Exercise:
Only an exact repetition of all the entries will be accepted.

[Dataset items]
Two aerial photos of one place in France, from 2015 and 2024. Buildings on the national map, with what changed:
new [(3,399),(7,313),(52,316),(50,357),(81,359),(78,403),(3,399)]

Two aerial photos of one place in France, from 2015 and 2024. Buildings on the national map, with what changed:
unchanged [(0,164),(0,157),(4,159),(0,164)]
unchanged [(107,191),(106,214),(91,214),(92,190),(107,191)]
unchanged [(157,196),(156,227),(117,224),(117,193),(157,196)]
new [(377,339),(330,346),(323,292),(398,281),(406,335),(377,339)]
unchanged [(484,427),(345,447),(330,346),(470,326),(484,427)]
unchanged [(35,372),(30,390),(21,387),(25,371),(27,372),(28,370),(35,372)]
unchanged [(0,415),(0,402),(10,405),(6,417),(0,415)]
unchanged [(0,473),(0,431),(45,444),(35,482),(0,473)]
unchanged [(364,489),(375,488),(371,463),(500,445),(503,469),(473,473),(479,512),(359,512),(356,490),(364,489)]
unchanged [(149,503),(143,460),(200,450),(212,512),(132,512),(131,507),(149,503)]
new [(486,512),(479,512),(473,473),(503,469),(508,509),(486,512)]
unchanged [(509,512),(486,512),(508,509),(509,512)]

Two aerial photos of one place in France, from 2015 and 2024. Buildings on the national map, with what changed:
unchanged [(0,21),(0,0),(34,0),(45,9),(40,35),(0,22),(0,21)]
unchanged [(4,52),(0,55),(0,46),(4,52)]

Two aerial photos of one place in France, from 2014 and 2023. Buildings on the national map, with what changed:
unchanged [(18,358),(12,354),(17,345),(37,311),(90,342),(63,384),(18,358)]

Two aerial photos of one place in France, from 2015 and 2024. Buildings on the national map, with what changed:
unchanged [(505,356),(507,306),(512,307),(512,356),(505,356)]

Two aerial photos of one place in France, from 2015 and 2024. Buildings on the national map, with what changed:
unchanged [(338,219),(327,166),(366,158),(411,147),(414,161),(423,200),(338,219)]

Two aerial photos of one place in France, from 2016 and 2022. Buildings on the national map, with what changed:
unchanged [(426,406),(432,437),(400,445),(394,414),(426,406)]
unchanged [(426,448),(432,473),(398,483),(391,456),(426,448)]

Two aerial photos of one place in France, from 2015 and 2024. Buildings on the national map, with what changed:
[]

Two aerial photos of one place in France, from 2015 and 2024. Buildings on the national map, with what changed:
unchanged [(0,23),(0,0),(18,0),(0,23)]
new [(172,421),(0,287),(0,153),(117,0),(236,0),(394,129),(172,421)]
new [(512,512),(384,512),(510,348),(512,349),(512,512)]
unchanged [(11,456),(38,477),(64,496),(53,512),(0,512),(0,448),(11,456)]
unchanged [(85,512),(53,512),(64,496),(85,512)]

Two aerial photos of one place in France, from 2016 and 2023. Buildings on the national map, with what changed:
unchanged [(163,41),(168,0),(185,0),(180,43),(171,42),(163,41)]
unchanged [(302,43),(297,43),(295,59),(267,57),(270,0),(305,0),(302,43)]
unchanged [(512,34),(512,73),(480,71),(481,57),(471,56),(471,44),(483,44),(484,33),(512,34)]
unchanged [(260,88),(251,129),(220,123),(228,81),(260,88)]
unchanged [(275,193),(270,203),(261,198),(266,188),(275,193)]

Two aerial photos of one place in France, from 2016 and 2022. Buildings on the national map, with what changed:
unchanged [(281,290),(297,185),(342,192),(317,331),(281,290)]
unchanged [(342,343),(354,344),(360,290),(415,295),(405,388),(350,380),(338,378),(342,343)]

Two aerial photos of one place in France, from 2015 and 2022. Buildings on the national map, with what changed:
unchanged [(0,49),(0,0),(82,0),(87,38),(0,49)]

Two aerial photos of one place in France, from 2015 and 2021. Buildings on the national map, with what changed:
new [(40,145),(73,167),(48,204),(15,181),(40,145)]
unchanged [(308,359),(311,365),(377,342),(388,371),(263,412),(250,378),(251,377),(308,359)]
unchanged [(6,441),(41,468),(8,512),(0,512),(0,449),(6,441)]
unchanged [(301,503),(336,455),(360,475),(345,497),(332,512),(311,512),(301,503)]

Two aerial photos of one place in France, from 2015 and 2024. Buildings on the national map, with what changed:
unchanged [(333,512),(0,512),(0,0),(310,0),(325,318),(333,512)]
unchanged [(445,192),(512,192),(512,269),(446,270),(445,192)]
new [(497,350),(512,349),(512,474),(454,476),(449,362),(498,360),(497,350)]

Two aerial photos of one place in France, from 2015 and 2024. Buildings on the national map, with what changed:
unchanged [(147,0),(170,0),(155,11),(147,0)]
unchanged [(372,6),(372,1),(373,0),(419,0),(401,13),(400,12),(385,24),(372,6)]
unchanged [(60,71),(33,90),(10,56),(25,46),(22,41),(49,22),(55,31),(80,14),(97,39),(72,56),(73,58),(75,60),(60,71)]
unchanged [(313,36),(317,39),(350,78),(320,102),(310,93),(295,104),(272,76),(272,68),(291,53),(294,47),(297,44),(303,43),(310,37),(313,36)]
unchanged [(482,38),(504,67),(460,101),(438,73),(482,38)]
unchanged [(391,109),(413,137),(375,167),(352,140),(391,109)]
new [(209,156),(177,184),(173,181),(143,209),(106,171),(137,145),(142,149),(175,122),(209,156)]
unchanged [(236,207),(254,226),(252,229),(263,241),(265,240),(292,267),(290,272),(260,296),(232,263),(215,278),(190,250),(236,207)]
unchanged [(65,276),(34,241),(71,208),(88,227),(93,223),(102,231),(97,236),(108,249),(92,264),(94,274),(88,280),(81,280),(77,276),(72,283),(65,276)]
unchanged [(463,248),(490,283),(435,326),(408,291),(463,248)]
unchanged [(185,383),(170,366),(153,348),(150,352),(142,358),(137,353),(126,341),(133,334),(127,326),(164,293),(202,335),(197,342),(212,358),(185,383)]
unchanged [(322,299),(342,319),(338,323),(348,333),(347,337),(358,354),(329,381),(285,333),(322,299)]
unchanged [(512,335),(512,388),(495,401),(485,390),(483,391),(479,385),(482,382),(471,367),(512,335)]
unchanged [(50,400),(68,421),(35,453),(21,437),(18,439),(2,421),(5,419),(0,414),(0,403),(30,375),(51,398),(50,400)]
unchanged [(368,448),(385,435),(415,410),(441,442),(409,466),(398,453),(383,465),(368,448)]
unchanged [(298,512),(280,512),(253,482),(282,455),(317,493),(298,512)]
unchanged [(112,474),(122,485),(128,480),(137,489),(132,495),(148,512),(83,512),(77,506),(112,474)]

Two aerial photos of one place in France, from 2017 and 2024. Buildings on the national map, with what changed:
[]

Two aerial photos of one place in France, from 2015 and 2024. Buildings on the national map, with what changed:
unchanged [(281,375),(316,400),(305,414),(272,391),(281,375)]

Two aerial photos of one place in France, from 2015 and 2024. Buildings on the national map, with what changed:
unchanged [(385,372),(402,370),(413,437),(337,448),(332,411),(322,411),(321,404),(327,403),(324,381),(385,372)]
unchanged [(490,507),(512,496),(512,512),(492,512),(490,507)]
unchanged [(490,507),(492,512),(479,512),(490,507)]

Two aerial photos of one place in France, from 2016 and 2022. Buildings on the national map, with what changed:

Output for this task:
Two aerial photos of one place in France, from 2015 and 2024. Buildings on the national map, with what changed:
new [(3,399),(7,313),(52,316),(50,357),(81,359),(78,403),(3,399)]

Two aerial photos of one place in France, from 2015 and 2024. Buildings on the national map, with what changed:
unchanged [(0,164),(0,157),(4,159),(0,164)]
unchanged [(107,191),(106,214),(91,214),(92,190),(107,191)]
unchanged [(157,196),(156,227),(117,224),(117,193),(157,196)]
new [(377,339),(330,346),(323,292),(398,281),(406,335),(377,339)]
unchanged [(484,427),(345,447),(330,346),(470,326),(484,427)]
unchanged [(35,372),(30,390),(21,387),(25,371),(27,372),(28,370),(35,372)]
unchanged [(0,415),(0,402),(10,405),(6,417),(0,415)]
unchanged [(0,473),(0,431),(45,444),(35,482),(0,473)]
unchanged [(364,489),(375,488),(371,463),(500,445),(503,469),(473,473),(479,512),(359,512),(356,490),(364,489)]
unchanged [(149,503),(143,460),(200,450),(212,512),(132,512),(131,507),(149,503)]
new [(486,512),(479,512),(473,473),(503,469),(508,509),(486,512)]
unchanged [(509,512),(486,512),(508,509),(509,512)]

Two aerial photos of one place in France, from 2015 and 2024. Buildings on the national map, with what changed:
unchanged [(0,21),(0,0),(34,0),(45,9),(40,35),(0,22),(0,21)]
unchanged [(4,52),(0,55),(0,46),(4,52)]

Two aerial photos of one place in France, from 2014 and 2023. Buildings on the national map, with what changed:
unchanged [(18,358),(12,354),(17,345),(37,311),(90,342),(63,384),(18,358)]

Two aerial photos of one place in France, from 2015 and 2024. Buildings on the national map, with what changed:
unchanged [(505,356),(507,306),(512,307),(512,356),(505,356)]

Two aerial photos of one place in France, from 2015 and 2024. Buildings on the national map, with what changed:
unchanged [(338,219),(327,166),(366,158),(411,147),(414,161),(423,200),(338,219)]

Two aerial photos of one place in France, from 2016 and 2022. Buildings on the national map, with what changed:
unchanged [(426,406),(432,437),(400,445),(394,414),(426,406)]
unchanged [(426,448),(432,473),(398,483),(391,456),(426,448)]

Two aerial photos of one place in France, from 2015 and 2024. Buildings on the national map, with what changed:
[]

Two aerial photos of one place in France, from 2015 and 2024. Buildings on the national map, with what changed:
unchanged [(0,23),(0,0),(18,0),(0,23)]
new [(172,421),(0,287),(0,153),(117,0),(236,0),(394,129),(172,421)]
new [(512,512),(384,512),(510,348),(512,349),(512,512)]
unchanged [(11,456),(38,477),(64,496),(53,512),(0,512),(0,448),(11,456)]
unchanged [(85,512),(53,512),(64,496),(85,512)]

Two aerial photos of one place in France, from 2016 and 2023. Buildings on the national map, with what changed:
unchanged [(163,41),(168,0),(185,0),(180,43),(171,42),(163,41)]
unchanged [(302,43),(297,43),(295,59),(267,57),(270,0),(305,0),(302,43)]
unchanged [(512,34),(512,73),(480,71),(481,57),(471,56),(471,44),(483,44),(484,33),(512,34)]
unchanged [(260,88),(251,129),(220,123),(228,81),(260,88)]
unchanged [(275,193),(270,203),(261,198),(266,188),(275,193)]

Two aerial photos of one place in France, from 2016 and 2022. Buildings on the national map, with what changed:
unchanged [(281,290),(297,185),(342,192),(317,331),(281,290)]
unchanged [(342,343),(354,344),(360,290),(415,295),(405,388),(350,380),(338,378),(342,343)]

Two aerial photos of one place in France, from 2015 and 2022. Buildings on the national map, with what changed:
unchanged [(0,49),(0,0),(82,0),(87,38),(0,49)]

Two aerial photos of one place in France, from 2015 and 2021. Buildings on the national map, with what changed:
new [(40,145),(73,167),(48,204),(15,181),(40,145)]
unchanged [(308,359),(311,365),(377,342),(388,371),(263,412),(250,378),(251,377),(308,359)]
unchanged [(6,441),(41,468),(8,512),(0,512),(0,449),(6,441)]
unchanged [(301,503),(336,455),(360,475),(345,497),(332,512),(311,512),(301,503)]

Two aerial photos of one place in France, from 2015 and 2024. Buildings on the national map, with what changed:
unchanged [(333,512),(0,512),(0,0),(310,0),(325,318),(333,512)]
unchanged [(445,192),(512,192),(512,269),(446,270),(445,192)]
new [(497,350),(512,349),(512,474),(454,476),(449,362),(498,360),(497,350)]

Two aerial photos of one place in France, from 2015 and 2024. Buildings on the national map, with what changed:
unchanged [(147,0),(170,0),(155,11),(147,0)]
unchanged [(372,6),(372,1),(373,0),(419,0),(401,13),(400,12),(385,24),(372,6)]
unchanged [(60,71),(33,90),(10,56),(25,46),(22,41),(49,22),(55,31),(80,14),(97,39),(72,56),(73,58),(75,60),(60,71)]
unchanged [(313,36),(317,39),(350,78),(320,102),(310,93),(295,104),(272,76),(272,68),(291,53),(294,47),(297,44),(303,43),(310,37),(313,36)]
unchanged [(482,38),(504,67),(460,101),(438,73),(482,38)]
unchanged [(391,109),(413,137),(375,167),(352,140),(391,109)]
new [(209,156),(177,184),(173,181),(143,209),(106,171),(137,145),(142,149),(175,122),(209,156)]
unchanged [(236,207),(254,226),(252,229),(263,241),(265,240),(292,267),(290,272),(260,296),(232,263),(215,278),(190,250),(236,207)]
unchanged [(65,276),(34,241),(71,208),(88,227),(93,223),(102,231),(97,236),(108,249),(92,264),(94,274),(88,280),(81,280),(77,276),(72,283),(65,276)]
unchanged [(463,248),(490,283),(435,326),(408,291),(463,248)]
unchanged [(185,383),(170,366),(153,348),(150,352),(142,358),(137,353),(126,341),(133,334),(127,326),(164,293),(202,335),(197,342),(212,358),(185,383)]
unchanged [(322,299),(342,319),(338,323),(348,333),(347,337),(358,354),(329,381),(285,333),(322,299)]
unchanged [(512,335),(512,388),(495,401),(485,390),(483,391),(479,385),(482,382),(471,367),(512,335)]
unchanged [(50,400),(68,421),(35,453),(21,437),(18,439),(2,421),(5,419),(0,414),(0,403),(30,375),(51,398),(50,400)]
unchanged [(368,448),(385,435),(415,410),(441,442),(409,466),(398,453),(383,465),(368,448)]
unchanged [(298,512),(280,512),(253,482),(282,455),(317,493),(298,512)]
unchanged [(112,474),(122,485),(128,480),(137,489),(132,495),(148,512),(83,512),(77,506),(112,474)]

Two aerial photos of one place in France, from 2017 and 2024. Buildings on the national map, with what changed:
[]

Two aerial photos of one place in France, from 2015 and 2024. Buildings on the national map, with what changed:
unchanged [(281,375),(316,400),(305,414),(272,391),(281,375)]

Two aerial photos of one place in France, from 2015 and 2024. Buildings on the national map, with what changed:
unchanged [(385,372),(402,370),(413,437),(337,448),(332,411),(322,411),(321,404),(327,403),(324,381),(385,372)]
unchanged [(490,507),(512,496),(512,512),(492,512),(490,507)]
unchanged [(490,507),(492,512),(479,512),(490,507)]

Two aerial photos of one place in France, from 2016 and 2022. Buildings on the national map, with what changed:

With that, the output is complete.